Personal information
- Full name: Paulina Joanna Boenisz
- Nationality: Poland
- Born: 28 September 1978 (age 47) Warsaw, Poland
- Height: 1.72 m (5 ft 7+1⁄2 in)
- Weight: 60 kg (132 lb)

Sport
- Sport: Modern pentathlon
- Club: CWKS Legia Warszawa

Medal record
Women's modern pentathlon
Representing Poland
World Championships
| Gold medal – first place | 2004 Moscow | Relay |
| Gold medal – first place | 2006 Guatemala City | Team |
| Gold medal – first place | 2006 Guatemala City | Relay |
| Gold medal – first place | 2008 Budapest | Team |
| Silver medal – second place | 2007 Berlin | Relay |
| Bronze medal – third place | 2005 Warsaw | Team |
| Bronze medal – third place | 2008 Budapest | Relay |
| Bronze medal – third place | 2009 London | Relay |

= Paulina Boenisz =

Polish modern pentathlete (born 1978)

Paulina Joanna Boenisz (born 28 September 1978 in Warsaw) is a three-time Olympic modern pentathlete from Poland.

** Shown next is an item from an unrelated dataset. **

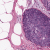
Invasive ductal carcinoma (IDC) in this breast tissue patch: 0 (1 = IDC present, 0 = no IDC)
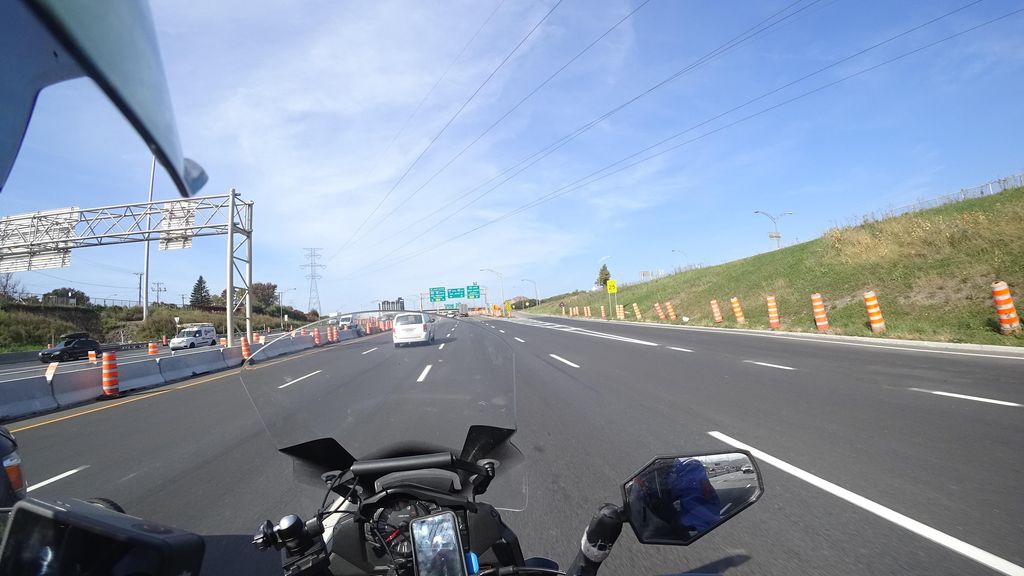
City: quebec_city

She is also a six-time Polish national champion and a multiple-time medalist at the World Championships, where she won four golds for both women's team and relay events.

Boenisz achieved her best results, and consistently performed in the women's event at the Olympics, finishing fifth in 2000, tenth in 2004, and fifth in 2008.